Following
recent train disasters, Transportation Minister Hatem Abdel-Latif tells
Shura Council that $71 million is needed - at least - to upgrade
Egypt's dangerously dilapidated railway infrastructure
Egypt's antiquated railway system requires an estimated LE170 million
(roughly $25.7 million) for spare parts and maintenance, Transportation
Minister Hatem Abdel-Latif said before the Shura Council (the upper
house of parliament) on Thursday.
Speaking in front of the council's transportation committee,
Abdel-Latif added that the necessary upgrade of train locomotives alone
would require some LE300 million (roughly $45.5 million).
The minister went on to point out that about 3,300 train carriages were
no longer fit for use, noting that Egypt had tentatively agreed to buy
221 new train carriages and had plans to purchase a further 336.
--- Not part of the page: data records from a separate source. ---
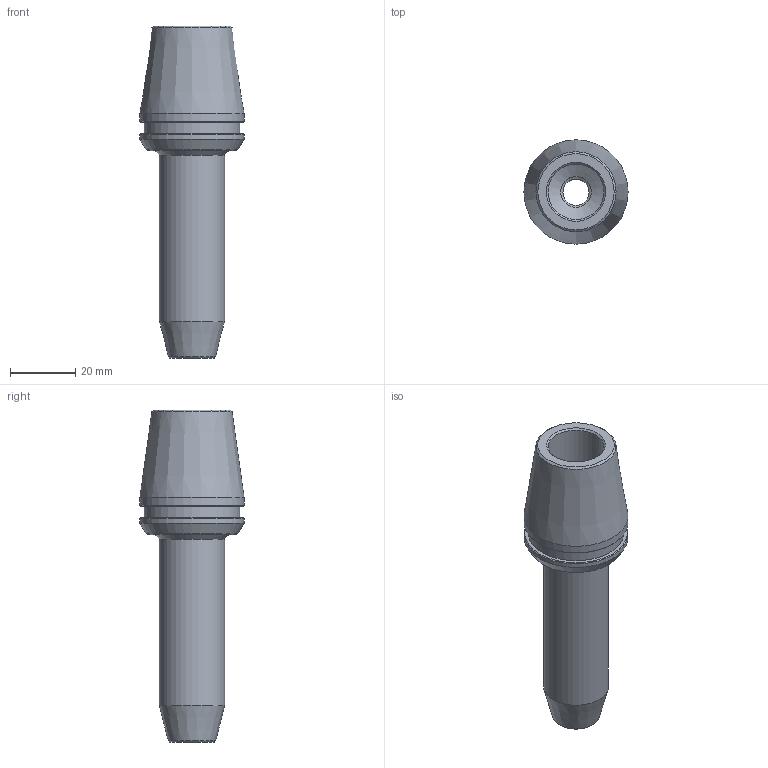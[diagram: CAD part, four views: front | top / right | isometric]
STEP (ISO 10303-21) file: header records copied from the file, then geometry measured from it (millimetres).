
FILE_DESCRIPTION(/* description */ (''),/* implementation_level */ '2;1');
FILE_NAME(/* name */ 'ER32-SF8-2.5.step',/* time_stamp */ '2025-10-10T15:45:45-05:00',/* author */ (''),/* organization */ (''),/* preprocessor_version */ 'ST-DEVELOPER v20.1',/* originating_system */ 'Autodesk Translation Framework v14.17.0.0',/* authorisation */ '');
FILE_SCHEMA (('AUTOMOTIVE_DESIGN { 1 0 10303 214 3 1 1 }'));
Length unit declared in the file: inch
Products named in the file (1): ER32-SF.3125-2.5
Bounding box: 31.88 x 31.88 x 101.6 mm (x, y, z)
Volume: 35099.7 mm3; surface area: 11541.2 mm2
Topology: 1 solids, 1 shells, 27 faces, 55 edges, 34 vertices
Faces by surface type: cone 13, cylinder 8, plane 6
Full cylindrical faces by diameter (mm): 8 x1, 9.461 x1, 9.524 x1, 17.018 x1, 19.939 x1, 29.261 x1, 31.877 x2
Entity records: 765 total; most frequent: DIRECTION 145, CARTESIAN_POINT 117, ORIENTED_EDGE 110, AXIS2_PLACEMENT_3D 62, EDGE_CURVE 55, CIRCLE 34, VERTEX_POINT 34, EDGE_LOOP 33
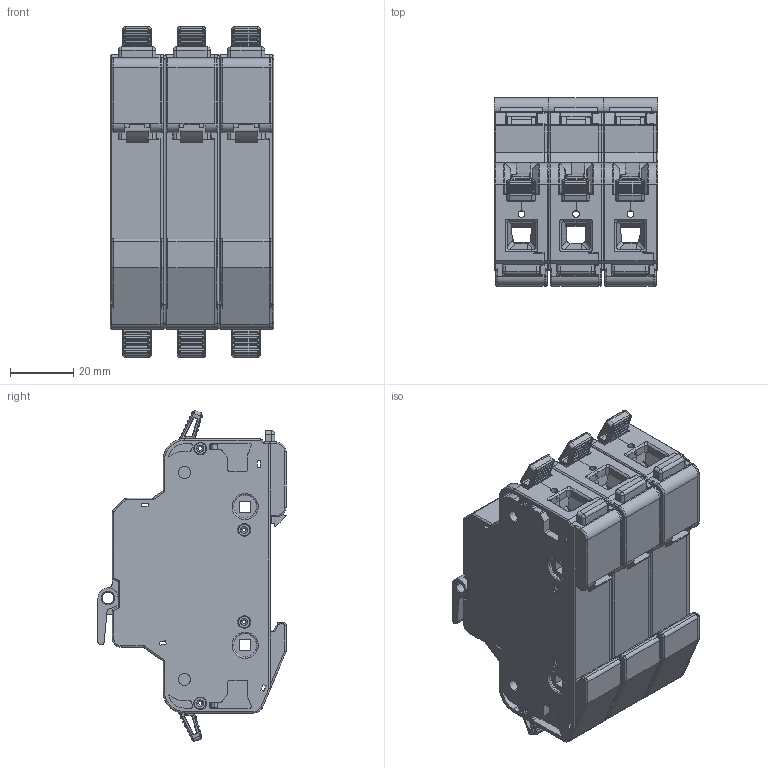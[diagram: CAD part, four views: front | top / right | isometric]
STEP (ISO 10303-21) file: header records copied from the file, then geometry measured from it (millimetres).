
FILE_DESCRIPTION (( 'STEP AP214' ), '1' );
FILE_NAME ('USGCC USGM 3.STEP', '2013-01-28T16:11:19', ( '' ), ( '' ), 'SwSTEP 2.0', 'SolidWorks 2012', '' );
FILE_SCHEMA (( 'AUTOMOTIVE_DESIGN' ));
Length unit declared in the file: inch
Products named in the file (1): USGCC USGM 3
Bounding box: 51.9 x 59.71 x 104.89 mm (x, y, z)
Surface area: 61241.4 mm2 (no closed solid volume)
Topology: 0 solids, 61 shells, 2624 faces, 10068 edges, 7387 vertices
Faces by surface type: cylinder 921, plane 903, torus 370, bspline 293, cone 121, sphere 16
Entity records: 155053 total; most frequent: CARTESIAN_POINT 40704, DIRECTION 16216, ORIENTED_EDGE 15291, EDGE_CURVE 10026, VERTEX_POINT 7387, VECTOR 5462, LINE 5462, AXIS2_PLACEMENT_3D 5377

He also asserted that 171 train crossings nationwide would be subject to upgrade by the end of the current year.
Abdel-Latif's comments follow a massive rail accident on Tuesday in
which 19 passengers were killed and another 120 injured in Giza. And on
Wednesday night, four people were killed after a train collided with a
taxi at a rail crossing in the outskirts of Cairo.
Abdel-Latif concluded by citing a 2002 study – conducted in the wake of
a dramatic rail disaster in which 373 people died – that found that
between 100 and 120 Egyptians were killed every year in train accidents.
A
man walks beside the wreckage of a military train crash in the Giza
neighbourhood of Badrashin, about 40 km (25 miles) west of Cairo,
January 15, 2013. A train carrying young recruits to an police camp
derailed in a Cairo suburb on Tuesday, killing 19 people and injuring
107, Egypt's health ministry spokesman said. (Photo: REUTERS)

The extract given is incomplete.